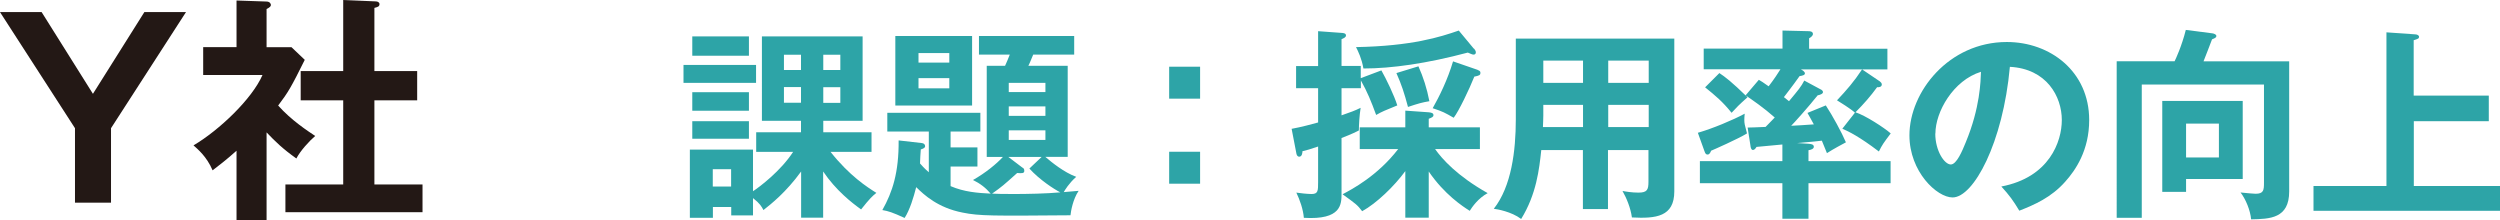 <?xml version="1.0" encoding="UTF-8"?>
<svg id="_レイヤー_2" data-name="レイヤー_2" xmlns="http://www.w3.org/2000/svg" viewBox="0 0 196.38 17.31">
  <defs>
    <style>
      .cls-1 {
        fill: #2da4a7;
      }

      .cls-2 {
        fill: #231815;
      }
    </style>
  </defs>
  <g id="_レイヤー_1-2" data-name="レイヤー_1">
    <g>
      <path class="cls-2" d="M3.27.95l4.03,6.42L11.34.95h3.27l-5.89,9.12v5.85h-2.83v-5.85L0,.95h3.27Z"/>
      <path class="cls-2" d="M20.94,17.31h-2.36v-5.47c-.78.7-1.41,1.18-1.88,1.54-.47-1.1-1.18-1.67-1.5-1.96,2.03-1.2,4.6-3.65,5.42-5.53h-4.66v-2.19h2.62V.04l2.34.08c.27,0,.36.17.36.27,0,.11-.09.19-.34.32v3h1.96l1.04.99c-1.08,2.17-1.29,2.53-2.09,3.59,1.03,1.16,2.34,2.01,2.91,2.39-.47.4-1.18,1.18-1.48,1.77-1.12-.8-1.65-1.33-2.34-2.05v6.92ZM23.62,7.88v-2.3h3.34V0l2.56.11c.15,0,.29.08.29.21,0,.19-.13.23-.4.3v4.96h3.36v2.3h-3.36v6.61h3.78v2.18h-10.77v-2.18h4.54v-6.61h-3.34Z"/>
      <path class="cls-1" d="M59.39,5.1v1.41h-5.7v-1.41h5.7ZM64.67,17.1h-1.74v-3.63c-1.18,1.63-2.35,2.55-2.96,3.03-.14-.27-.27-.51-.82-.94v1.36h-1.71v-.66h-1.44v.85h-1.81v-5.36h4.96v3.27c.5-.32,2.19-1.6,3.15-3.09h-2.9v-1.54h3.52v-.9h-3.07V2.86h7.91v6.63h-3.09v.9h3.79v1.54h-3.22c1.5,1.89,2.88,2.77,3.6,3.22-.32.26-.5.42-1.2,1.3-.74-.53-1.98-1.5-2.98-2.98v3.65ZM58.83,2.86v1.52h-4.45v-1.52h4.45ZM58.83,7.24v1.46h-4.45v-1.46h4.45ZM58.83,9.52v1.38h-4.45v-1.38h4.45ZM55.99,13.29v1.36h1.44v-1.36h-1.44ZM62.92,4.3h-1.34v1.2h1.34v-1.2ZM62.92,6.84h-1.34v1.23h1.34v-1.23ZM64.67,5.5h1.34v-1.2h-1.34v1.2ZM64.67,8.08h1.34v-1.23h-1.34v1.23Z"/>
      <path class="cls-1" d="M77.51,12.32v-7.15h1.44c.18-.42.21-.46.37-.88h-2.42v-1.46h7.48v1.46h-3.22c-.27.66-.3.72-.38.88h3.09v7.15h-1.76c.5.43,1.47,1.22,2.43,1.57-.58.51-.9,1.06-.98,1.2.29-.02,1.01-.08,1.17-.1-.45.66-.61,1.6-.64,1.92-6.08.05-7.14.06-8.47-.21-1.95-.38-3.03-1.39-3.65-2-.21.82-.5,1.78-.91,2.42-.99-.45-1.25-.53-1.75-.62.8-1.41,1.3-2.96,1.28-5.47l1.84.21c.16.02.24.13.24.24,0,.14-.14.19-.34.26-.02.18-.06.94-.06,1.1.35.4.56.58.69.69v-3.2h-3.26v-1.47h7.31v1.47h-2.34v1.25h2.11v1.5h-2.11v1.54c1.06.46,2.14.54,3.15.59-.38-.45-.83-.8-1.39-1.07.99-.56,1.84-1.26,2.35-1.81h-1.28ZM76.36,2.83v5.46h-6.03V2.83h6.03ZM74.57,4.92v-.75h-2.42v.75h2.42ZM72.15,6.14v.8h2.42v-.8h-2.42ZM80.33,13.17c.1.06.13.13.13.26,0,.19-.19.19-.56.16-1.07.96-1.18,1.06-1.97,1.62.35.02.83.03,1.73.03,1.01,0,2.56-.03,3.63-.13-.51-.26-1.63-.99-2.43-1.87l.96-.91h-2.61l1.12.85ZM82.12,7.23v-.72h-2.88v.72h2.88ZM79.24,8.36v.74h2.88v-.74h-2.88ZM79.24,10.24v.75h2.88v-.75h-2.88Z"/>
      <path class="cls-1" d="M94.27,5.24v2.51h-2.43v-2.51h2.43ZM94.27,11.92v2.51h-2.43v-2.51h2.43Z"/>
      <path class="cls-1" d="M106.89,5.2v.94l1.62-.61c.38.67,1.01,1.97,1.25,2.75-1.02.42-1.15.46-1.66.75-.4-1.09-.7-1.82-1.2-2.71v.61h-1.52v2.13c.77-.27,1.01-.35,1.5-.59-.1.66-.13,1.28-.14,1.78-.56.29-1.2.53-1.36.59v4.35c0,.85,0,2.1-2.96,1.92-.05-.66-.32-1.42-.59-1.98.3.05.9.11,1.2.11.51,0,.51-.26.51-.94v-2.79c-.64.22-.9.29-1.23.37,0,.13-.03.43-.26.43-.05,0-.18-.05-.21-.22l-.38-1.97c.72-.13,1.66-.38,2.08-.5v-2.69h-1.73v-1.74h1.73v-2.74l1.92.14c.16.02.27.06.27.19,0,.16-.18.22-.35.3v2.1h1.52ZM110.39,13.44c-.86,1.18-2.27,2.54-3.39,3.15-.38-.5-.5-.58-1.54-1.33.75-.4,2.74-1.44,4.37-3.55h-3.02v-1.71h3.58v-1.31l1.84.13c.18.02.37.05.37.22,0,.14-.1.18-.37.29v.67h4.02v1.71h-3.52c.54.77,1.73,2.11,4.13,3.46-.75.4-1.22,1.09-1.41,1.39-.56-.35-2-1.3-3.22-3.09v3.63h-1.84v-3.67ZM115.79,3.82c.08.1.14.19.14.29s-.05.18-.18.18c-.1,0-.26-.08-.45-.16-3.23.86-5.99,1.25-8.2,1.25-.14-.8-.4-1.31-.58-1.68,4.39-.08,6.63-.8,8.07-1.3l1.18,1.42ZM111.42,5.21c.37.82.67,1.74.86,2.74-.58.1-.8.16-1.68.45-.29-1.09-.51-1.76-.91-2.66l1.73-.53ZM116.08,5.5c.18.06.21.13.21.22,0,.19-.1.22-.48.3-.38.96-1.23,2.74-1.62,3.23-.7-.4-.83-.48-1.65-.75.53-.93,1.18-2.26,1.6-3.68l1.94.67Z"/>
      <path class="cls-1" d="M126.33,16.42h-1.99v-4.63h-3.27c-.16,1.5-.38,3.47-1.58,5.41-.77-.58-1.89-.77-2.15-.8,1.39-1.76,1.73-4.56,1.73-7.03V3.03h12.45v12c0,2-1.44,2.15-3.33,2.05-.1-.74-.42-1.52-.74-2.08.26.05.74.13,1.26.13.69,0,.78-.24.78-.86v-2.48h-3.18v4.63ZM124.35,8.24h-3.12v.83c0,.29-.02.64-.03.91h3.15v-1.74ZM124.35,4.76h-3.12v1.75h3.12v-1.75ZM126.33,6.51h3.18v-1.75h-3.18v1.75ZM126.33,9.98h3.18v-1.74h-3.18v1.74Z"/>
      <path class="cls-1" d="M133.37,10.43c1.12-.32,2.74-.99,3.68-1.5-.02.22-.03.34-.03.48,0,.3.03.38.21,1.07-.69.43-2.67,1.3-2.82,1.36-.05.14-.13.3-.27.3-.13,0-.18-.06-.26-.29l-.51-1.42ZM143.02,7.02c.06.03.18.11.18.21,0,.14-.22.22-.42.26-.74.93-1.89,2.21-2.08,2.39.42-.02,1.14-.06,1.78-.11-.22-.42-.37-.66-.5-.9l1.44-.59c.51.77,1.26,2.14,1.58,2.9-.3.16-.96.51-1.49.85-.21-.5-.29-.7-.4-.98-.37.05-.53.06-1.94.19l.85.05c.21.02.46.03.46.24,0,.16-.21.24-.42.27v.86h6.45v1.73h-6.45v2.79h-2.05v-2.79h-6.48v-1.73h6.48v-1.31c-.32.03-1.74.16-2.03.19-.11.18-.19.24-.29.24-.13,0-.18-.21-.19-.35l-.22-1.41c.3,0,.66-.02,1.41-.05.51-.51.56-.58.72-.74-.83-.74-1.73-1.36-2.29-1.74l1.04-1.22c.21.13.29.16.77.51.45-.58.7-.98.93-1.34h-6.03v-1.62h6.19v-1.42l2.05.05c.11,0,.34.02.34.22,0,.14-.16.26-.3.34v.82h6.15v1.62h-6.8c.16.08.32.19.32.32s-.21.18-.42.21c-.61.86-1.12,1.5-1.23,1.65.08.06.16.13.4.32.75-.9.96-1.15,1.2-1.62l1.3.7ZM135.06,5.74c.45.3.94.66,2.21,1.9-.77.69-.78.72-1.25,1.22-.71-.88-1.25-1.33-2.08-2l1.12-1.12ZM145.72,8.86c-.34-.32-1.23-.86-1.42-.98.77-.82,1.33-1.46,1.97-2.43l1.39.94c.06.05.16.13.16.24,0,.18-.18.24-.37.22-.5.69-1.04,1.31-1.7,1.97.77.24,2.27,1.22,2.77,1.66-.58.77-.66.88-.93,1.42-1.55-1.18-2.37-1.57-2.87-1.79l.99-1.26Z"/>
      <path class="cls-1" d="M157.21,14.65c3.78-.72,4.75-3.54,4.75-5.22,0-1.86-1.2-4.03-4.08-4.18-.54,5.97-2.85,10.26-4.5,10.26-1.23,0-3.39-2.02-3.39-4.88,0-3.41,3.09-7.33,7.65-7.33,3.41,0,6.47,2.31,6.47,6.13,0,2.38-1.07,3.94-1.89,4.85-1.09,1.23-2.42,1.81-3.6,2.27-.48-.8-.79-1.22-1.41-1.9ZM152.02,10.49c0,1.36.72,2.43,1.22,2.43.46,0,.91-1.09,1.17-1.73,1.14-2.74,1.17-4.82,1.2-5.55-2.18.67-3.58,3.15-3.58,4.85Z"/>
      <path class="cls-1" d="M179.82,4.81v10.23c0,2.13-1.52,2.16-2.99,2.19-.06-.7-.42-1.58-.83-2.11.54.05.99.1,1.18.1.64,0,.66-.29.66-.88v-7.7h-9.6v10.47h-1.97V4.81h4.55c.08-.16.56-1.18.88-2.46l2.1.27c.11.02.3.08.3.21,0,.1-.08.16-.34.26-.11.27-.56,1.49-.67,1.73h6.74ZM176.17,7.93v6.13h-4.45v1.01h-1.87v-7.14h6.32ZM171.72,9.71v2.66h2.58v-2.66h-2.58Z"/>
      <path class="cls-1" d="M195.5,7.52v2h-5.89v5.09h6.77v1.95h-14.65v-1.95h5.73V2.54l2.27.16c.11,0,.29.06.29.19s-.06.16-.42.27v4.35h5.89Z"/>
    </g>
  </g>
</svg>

==

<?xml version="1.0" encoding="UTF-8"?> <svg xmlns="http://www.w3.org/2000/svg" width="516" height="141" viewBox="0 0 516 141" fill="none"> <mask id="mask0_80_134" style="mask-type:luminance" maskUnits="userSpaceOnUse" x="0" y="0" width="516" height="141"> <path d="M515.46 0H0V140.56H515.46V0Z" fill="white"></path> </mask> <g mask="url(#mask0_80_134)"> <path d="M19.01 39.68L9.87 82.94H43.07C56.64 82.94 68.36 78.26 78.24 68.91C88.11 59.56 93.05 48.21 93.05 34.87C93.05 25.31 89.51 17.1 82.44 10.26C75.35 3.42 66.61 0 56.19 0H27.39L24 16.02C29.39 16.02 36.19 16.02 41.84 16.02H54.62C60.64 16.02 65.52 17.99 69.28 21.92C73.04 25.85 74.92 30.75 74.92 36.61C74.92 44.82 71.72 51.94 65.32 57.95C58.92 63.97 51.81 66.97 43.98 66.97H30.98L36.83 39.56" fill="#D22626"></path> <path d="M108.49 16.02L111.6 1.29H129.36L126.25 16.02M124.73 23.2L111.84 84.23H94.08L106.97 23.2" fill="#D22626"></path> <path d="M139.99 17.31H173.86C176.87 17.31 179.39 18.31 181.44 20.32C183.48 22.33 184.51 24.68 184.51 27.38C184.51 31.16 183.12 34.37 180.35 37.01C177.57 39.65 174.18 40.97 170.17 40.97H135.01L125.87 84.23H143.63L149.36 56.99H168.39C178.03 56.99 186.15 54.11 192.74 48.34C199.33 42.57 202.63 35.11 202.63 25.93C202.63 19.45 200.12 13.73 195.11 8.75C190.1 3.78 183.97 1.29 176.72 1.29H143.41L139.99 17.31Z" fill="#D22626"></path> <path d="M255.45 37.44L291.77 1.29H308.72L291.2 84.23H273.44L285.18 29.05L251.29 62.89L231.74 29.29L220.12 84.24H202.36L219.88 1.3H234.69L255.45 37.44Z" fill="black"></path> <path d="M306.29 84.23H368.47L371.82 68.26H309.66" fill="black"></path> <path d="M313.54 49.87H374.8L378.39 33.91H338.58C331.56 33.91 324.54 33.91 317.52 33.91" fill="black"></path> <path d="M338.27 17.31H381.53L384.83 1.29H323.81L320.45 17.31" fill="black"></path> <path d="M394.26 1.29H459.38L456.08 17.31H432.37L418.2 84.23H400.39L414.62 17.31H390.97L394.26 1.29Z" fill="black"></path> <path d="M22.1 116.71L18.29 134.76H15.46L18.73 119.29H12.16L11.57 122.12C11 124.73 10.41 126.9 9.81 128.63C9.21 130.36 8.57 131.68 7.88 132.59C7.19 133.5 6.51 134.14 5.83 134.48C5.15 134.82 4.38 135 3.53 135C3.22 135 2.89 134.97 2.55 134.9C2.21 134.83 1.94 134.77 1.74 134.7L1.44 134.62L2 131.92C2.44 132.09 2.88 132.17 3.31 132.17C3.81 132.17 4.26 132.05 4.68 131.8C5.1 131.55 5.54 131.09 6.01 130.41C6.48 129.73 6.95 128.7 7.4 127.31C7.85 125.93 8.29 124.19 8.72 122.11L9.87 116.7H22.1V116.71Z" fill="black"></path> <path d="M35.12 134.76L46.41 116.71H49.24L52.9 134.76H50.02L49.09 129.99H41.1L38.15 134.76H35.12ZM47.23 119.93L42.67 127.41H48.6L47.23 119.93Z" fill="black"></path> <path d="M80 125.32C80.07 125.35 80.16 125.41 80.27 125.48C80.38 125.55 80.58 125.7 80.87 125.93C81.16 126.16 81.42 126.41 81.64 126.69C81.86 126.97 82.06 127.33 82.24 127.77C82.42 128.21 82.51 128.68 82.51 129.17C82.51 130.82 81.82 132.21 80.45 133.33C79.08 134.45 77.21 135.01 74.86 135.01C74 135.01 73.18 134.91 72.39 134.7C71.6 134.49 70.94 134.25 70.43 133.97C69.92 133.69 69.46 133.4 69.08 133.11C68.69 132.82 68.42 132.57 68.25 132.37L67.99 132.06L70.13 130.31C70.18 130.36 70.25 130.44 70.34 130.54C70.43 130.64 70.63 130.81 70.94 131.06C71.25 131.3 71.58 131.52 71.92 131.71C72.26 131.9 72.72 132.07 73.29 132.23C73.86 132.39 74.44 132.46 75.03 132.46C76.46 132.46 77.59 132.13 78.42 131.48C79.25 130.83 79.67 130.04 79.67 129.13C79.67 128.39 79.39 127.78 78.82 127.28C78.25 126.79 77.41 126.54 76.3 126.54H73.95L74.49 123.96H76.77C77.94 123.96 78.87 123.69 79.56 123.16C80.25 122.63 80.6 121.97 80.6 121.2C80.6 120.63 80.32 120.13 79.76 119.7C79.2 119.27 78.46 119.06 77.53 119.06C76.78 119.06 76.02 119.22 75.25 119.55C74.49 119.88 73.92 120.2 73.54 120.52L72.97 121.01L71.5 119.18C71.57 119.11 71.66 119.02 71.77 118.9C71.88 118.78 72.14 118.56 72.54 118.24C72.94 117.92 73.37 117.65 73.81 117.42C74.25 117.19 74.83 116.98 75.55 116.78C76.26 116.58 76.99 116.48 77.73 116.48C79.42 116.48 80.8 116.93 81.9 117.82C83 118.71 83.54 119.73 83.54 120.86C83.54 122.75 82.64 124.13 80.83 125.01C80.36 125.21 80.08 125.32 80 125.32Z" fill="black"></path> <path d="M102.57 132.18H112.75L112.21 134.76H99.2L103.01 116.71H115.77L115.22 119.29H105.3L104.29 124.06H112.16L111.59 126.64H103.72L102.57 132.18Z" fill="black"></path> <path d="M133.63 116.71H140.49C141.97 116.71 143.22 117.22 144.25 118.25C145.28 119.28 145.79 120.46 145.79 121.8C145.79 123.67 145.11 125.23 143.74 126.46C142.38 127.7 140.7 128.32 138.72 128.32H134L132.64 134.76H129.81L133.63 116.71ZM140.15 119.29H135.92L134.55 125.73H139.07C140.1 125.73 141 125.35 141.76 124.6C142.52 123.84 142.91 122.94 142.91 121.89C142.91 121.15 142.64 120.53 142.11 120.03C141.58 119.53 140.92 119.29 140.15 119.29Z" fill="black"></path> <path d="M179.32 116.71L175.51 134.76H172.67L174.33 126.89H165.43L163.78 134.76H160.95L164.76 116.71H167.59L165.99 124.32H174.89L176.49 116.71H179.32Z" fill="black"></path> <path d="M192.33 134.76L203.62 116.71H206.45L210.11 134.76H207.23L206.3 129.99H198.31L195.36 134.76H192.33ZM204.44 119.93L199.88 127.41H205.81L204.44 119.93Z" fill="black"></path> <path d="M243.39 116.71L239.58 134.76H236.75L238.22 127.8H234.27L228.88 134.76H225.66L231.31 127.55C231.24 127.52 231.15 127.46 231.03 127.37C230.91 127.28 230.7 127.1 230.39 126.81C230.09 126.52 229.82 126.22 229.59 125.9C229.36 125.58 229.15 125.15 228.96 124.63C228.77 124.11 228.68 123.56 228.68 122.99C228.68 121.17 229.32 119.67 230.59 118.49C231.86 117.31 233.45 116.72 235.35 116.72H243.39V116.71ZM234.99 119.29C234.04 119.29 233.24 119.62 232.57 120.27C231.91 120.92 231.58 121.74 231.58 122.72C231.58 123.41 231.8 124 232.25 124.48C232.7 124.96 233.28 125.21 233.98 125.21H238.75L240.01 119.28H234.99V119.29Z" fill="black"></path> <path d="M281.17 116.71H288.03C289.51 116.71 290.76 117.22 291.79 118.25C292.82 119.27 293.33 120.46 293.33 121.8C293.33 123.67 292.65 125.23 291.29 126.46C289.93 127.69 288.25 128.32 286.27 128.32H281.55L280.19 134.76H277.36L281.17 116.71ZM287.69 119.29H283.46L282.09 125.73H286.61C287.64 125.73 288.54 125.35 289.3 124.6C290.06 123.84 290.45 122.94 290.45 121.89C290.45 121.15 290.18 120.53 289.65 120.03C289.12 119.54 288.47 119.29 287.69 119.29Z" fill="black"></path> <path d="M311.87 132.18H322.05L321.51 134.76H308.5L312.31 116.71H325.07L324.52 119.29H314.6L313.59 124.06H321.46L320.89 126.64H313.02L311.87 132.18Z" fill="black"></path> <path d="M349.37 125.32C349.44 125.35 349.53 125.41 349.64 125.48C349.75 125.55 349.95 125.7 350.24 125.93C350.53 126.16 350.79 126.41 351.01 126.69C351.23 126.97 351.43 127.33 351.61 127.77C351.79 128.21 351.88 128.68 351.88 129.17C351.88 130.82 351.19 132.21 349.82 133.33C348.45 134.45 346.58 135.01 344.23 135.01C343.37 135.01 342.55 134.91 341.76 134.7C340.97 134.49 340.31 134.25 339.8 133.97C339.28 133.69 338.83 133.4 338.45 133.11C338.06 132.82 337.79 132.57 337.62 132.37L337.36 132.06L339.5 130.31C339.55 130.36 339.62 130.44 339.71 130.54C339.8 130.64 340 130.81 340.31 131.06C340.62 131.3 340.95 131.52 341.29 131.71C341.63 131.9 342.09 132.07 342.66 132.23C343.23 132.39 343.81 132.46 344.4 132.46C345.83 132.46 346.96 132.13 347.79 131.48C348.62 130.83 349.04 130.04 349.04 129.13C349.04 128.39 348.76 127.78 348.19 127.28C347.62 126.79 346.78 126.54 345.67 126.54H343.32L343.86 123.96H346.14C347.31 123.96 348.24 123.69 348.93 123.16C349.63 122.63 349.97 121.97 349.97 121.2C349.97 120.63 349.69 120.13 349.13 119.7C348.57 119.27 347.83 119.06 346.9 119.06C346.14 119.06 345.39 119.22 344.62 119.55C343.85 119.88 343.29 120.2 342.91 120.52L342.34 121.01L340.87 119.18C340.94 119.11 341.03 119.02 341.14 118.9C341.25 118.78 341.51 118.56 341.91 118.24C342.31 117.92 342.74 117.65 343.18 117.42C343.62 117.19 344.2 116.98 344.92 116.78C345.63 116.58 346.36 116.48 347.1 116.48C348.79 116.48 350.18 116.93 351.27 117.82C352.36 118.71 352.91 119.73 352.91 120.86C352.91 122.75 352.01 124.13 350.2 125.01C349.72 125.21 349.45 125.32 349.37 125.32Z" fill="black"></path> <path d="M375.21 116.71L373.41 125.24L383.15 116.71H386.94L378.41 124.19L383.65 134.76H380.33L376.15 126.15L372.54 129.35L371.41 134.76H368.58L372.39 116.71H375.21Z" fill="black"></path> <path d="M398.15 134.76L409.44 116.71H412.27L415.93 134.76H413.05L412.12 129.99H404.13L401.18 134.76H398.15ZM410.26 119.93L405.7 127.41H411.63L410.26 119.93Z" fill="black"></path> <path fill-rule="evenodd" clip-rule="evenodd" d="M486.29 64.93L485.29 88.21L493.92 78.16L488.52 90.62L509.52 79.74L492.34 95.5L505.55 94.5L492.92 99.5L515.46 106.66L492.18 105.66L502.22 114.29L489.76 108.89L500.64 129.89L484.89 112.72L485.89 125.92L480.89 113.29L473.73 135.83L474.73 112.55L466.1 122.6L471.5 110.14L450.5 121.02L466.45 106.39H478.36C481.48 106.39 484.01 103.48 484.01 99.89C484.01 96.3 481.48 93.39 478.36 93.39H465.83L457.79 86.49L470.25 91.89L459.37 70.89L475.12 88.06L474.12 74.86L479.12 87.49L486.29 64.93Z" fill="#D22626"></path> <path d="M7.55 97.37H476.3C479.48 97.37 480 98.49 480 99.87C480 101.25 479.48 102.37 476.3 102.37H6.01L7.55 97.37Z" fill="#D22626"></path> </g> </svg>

TASK:
Return each line of the data that contains the string "name".

RESULT:
<svg id="_レイヤー_2" data-name="レイヤー_2" xmlns="http://www.w3.org/2000/svg" viewBox="0 0 196.38 17.31">
  <g id="_レイヤー_1-2" data-name="レイヤー_1">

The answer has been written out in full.